Courtesans usually enjoyed more freedoms than was typical of women at the time. For example, they were financially stable and independent. Being in control of their own resources meant that they did not need to rely on their spouses or male relatives to survive, as was the case for the majority of women.

Famous courtesans

famous courtesans

The term "courtesan" has often been used in the political context to damage the reputation of a powerful woman, or disparage her importance. Particularly striking examples of this are when the title was applied to the Byzantine empress Theodora, who had started life as a burlesque actress but later became the wife of the Emperor Justinian and, after her death, an Orthodox saint; the term "courtesan" has also been disparagingly and inaccurately applied to influential women like Anne Boleyn, Madaline Bishop, Diane de Poitiers, Mathilde Kschessinska, Pamela Harriman and Eva Perón.

In fiction

Pietro Aretino, an Italian Renaissance writer, wrote a series of dialogues (Capricciosi ragionamenti) in which a mother teaches her daughter what options are available to women and how to be an effective courtesan. The French novelist Balzac wrote about a courtesan in his Splendeurs et misères des courtisanes (1838–47). Emile Zola likewise wrote a novel, Nana (1880), about a courtesan in nineteenth-century France.
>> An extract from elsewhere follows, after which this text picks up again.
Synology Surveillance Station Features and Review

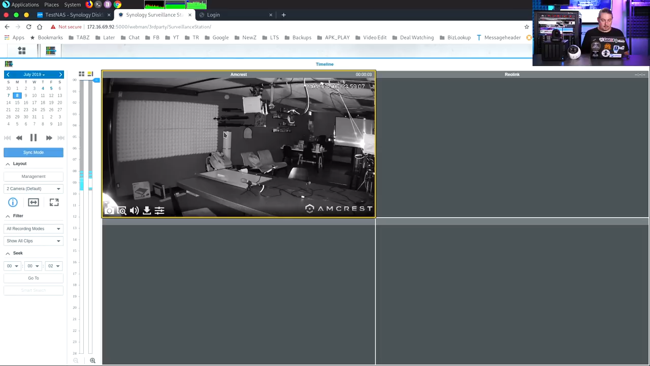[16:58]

  • Inara Serra, a 26th century Alliance companion in Joss Whedon's TV series Firefly.
  • The Woman of the Camilias was a novel about a courtesan by French author Alexandre Dumas, fils that was turned into the opera La Traviata by Italian composer Giuseppe Verdi. In the opera, the courtesan's name is "Violetta". "La Traviata" in Italian translates "The Wayward One".
  • Satine played by Nicole Kidman, an actress/courtesan who falls in love with a penniless poet/writer played by Ewan McGregor, in the movie Moulin Rouge!.
  • Phèdre nó Delaunay, the premier courtesan of Terre D'Ange in Jacqueline Carey's Kushiel's Legacy novels
  • The movie Dangerous Beauty, starring Catherine McCormack, tells the story of Veronica Franco, a Venetian courtesan.
  • Nana, in Emile Zola's famous novel of 1880 should count as a courtesan
  • In Sarah Dunant's In the Company of the Courtesan, Fiammetta Bianchini, a renowned courtesan of Rome, and her sharp-witted dwarf rise to success among the intrigue and secrets of Renaissance Venice.
  • In John Cleland's Fanny Hill: Memoirs of a Woman of Pleasure, Fanny goes from poor orphaned country girl to wealthy skilled courtesan eventually finding her one true love and retiring to marriage. Her history is told in the first person through several letters to friends detailing her life as a courtesan.
  • Gigi is a 1944 novel by the French writer Colette about a wealthy cultured man of fashion who discovers he is in love with a young Parisian girl being groomed for a career as a grande cocotte and eventually marries her.

Citations



Unless indicated otherwise, the text in this article is either based on Wikipedia article "Courtesan" or another language Wikipedia page thereof used under the terms of the GNU Free Documentation License; or on research by Jahsonic and friends. See Art and Popular Culture's copyright notice.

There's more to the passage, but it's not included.